Assignment: Would you transcribe the whole listing exactly and drop its images?

The data:
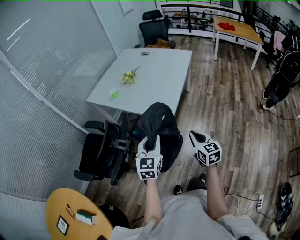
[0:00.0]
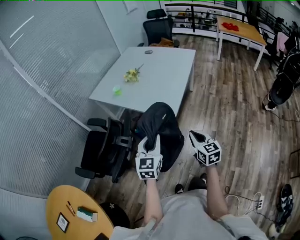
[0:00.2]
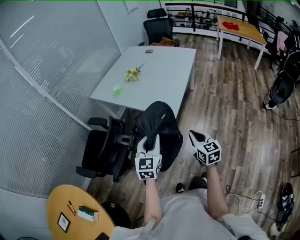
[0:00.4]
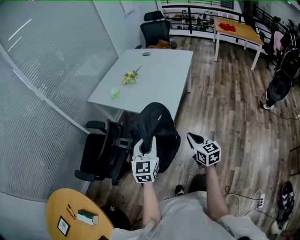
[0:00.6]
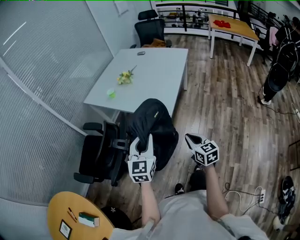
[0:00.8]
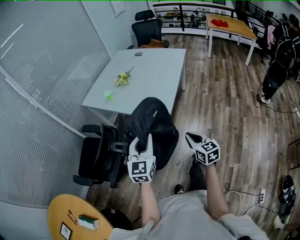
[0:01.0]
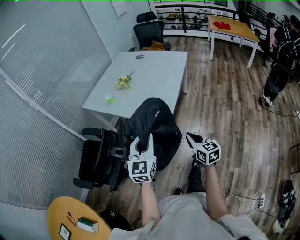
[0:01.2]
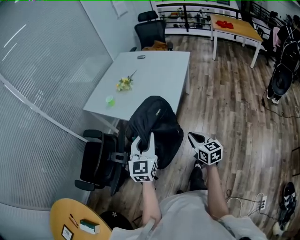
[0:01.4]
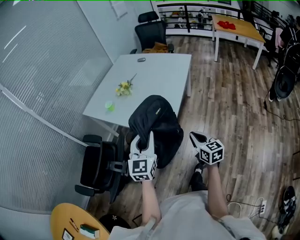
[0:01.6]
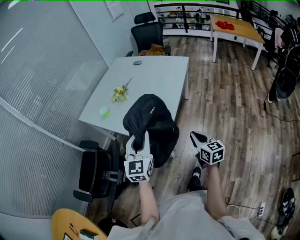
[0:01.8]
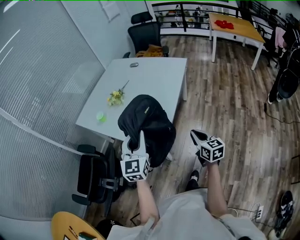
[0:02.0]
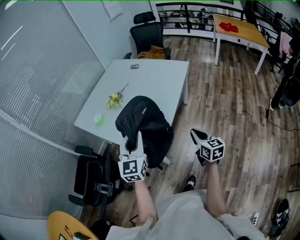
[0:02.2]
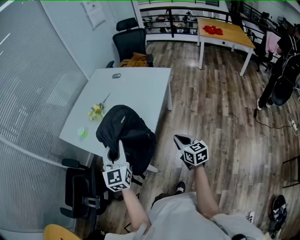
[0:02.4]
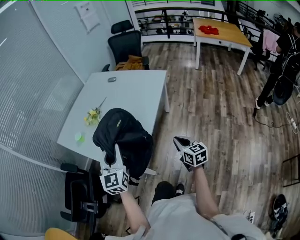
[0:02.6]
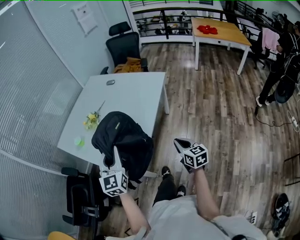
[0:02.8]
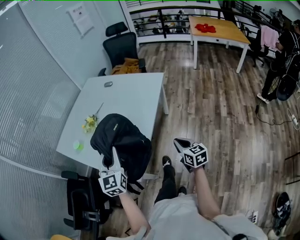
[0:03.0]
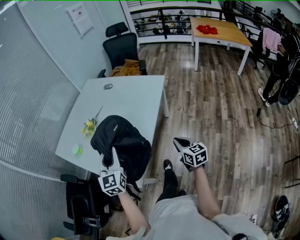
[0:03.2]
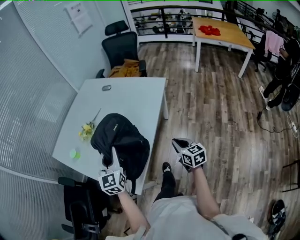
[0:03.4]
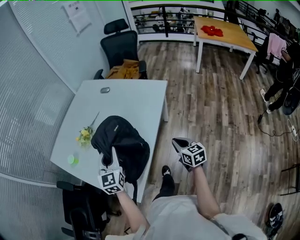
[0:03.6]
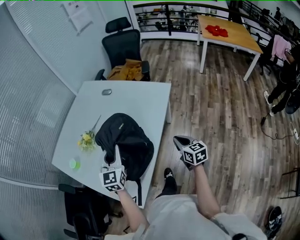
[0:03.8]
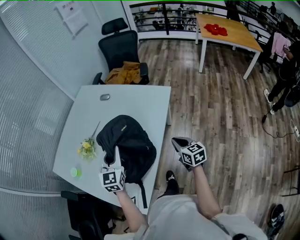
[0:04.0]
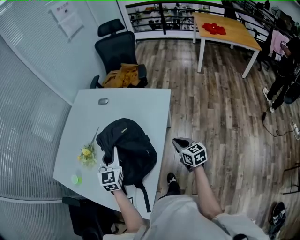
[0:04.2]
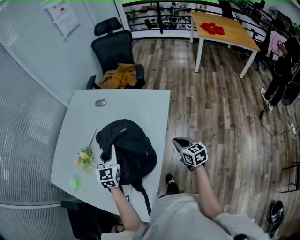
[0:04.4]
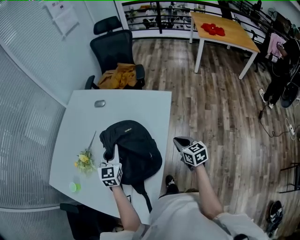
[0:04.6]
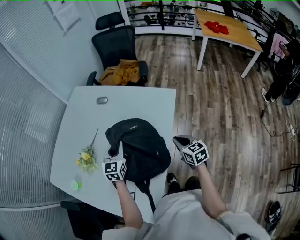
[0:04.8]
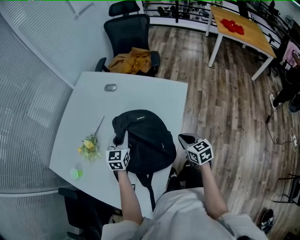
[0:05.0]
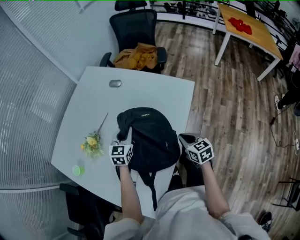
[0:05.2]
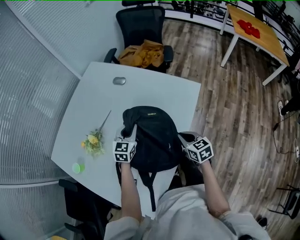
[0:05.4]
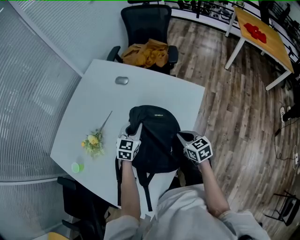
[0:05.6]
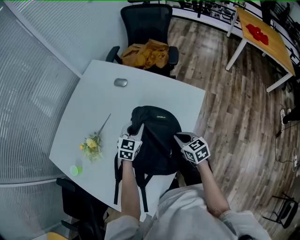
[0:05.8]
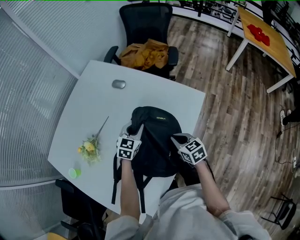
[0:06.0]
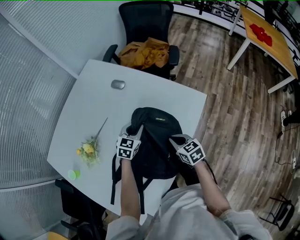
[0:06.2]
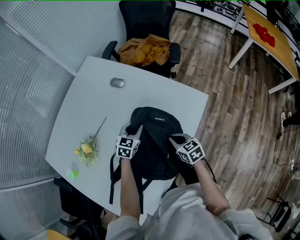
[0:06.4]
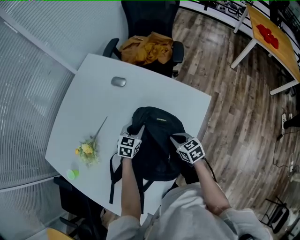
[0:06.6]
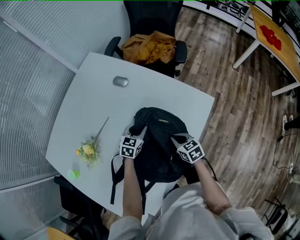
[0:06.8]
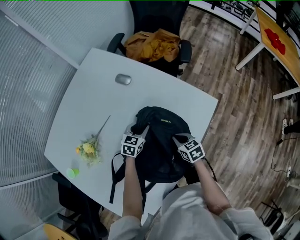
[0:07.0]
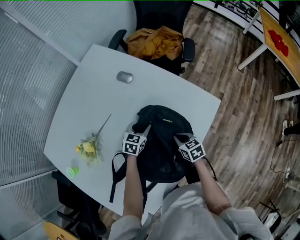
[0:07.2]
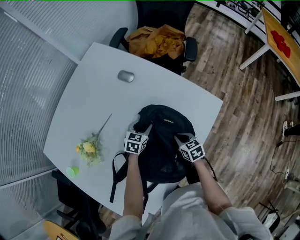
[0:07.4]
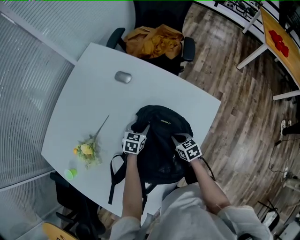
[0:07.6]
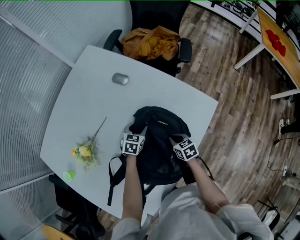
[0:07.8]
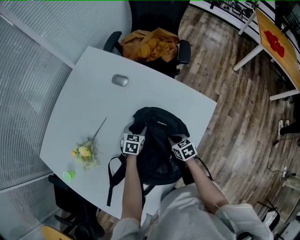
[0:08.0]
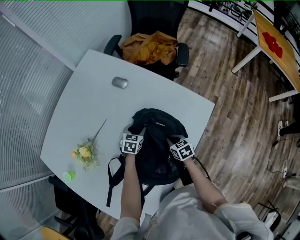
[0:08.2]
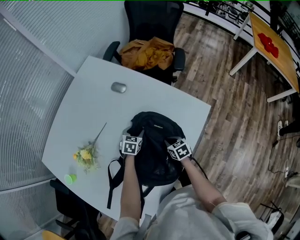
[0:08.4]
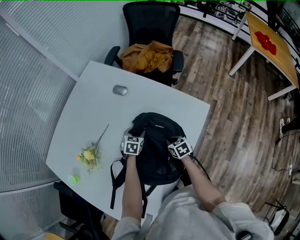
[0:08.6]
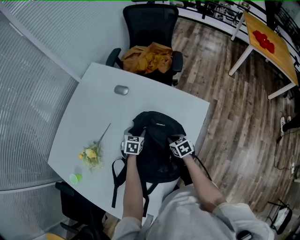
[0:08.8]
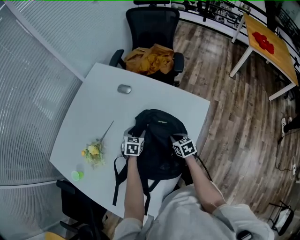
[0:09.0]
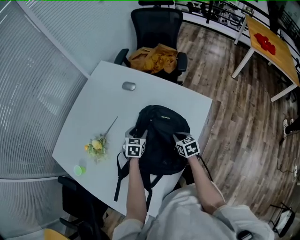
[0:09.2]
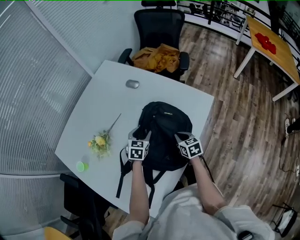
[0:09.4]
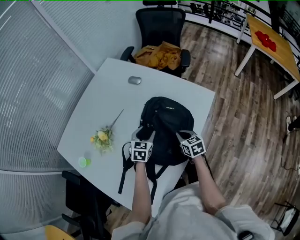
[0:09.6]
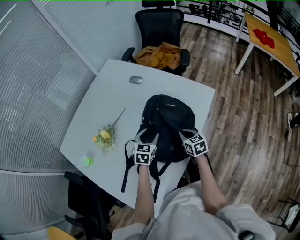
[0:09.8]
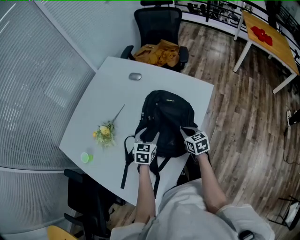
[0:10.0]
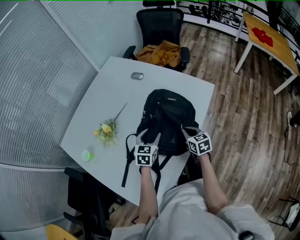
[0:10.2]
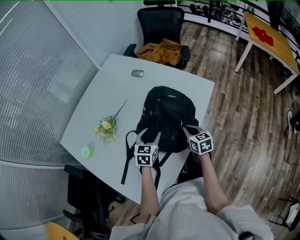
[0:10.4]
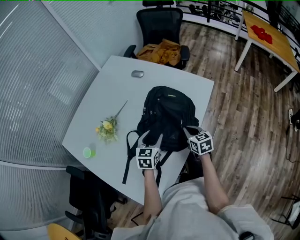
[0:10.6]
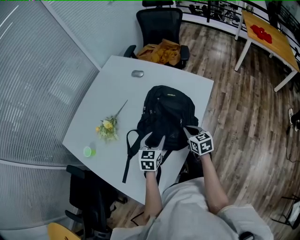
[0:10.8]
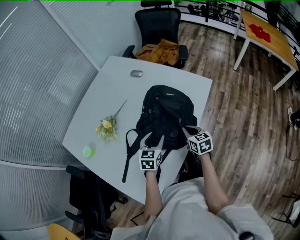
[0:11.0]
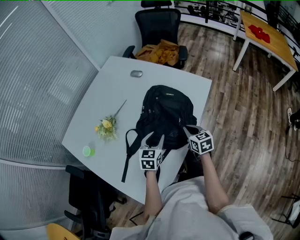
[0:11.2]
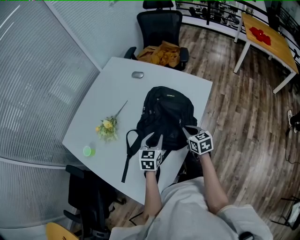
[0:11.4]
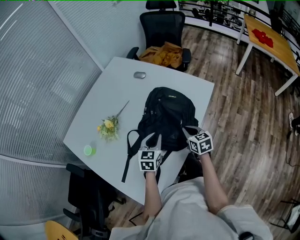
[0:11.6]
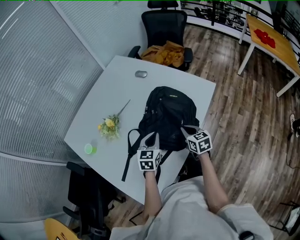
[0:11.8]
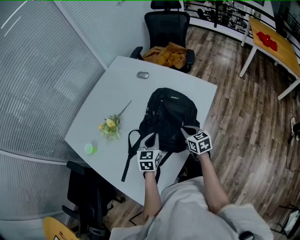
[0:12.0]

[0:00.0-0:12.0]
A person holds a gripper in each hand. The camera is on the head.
0.0 to 1.6 s: The left gripper moves forward and upward, roughly 15 cm. Meanwhile the right gripper goes roughly 15 cm forward and to the right.
1.6 to 3.0 s: The two grippers go approximately 30 cm forward and to the right.
3.0 to 4.4 s: Both grippers move forward, roughly 35 cm.
4.4 to 6.0 s: The right gripper goes approximately 20 cm forward, to the left and downward, and changes its angle by some 20 degrees, while the left gripper shifts about 25 cm forward and downward.
6.0 to 7.6 s: Both grippers travel together downward and forward, about 15 cm. The left gripper rotates roughly 20 degrees, and opens its fingers.
7.6 to 9.0 s: The grippers both shift upward by about 5 cm.
9.0 to 10.4 s: The two grippers go some 20 cm backward and upward.
10.4 to 12.0 s: The left gripper closes up.

Solved exercise:
[0:00.0]
[0:00.2]
[0:00.4]
[0:00.6]
[0:00.8]
[0:01.0]
[0:01.2]
[0:01.4]
[0:01.6]
[0:01.8]
[0:02.0]
[0:02.2]
[0:02.4]
[0:02.6]
[0:02.8]
[0:03.0]
[0:03.2]
[0:03.4]
[0:03.6]
[0:03.8]
[0:04.0]
[0:04.2]
[0:04.4]
[0:04.6]
[0:04.8]
[0:05.0]
[0:05.2]
[0:05.4]
[0:05.6]
[0:05.8]
[0:06.0]
[0:06.2]
[0:06.4]
[0:06.6]
[0:06.8]
[0:07.0]
[0:07.2]
[0:07.4]
[0:07.6]
[0:07.8]
[0:08.0]
[0:08.2]
[0:08.4]
[0:08.6]
[0:08.8]
[0:09.0]
[0:09.2]
[0:09.4]
[0:09.6]
[0:09.8]
[0:10.0]
[0:10.2]
[0:10.4]
[0:10.6]
[0:10.8]
[0:11.0]
[0:11.2]
[0:11.4]
[0:11.6]
[0:11.8]
[0:12.0]

[0:00.0-0:12.0]
A person holds a gripper in each hand. The camera is on the head.
0.0 to 1.6 s: The left gripper moves forward and upward, roughly 15 cm. Meanwhile the right gripper goes roughly 15 cm forward and to the right.
1.6 to 3.0 s: The two grippers go approximately 30 cm forward and to the right.
3.0 to 4.4 s: Both grippers move forward, roughly 35 cm.
4.4 to 6.0 s: The right gripper goes approximately 20 cm forward, to the left and downward, and changes its angle by some 20 degrees, while the left gripper shifts about 25 cm forward and downward.
6.0 to 7.6 s: Both grippers travel together downward and forward, about 15 cm. The left gripper rotates roughly 20 degrees, and opens its fingers.
7.6 to 9.0 s: The grippers both shift upward by about 5 cm.
9.0 to 10.4 s: The two grippers go some 20 cm backward and upward.
10.4 to 12.0 s: The left gripper closes up.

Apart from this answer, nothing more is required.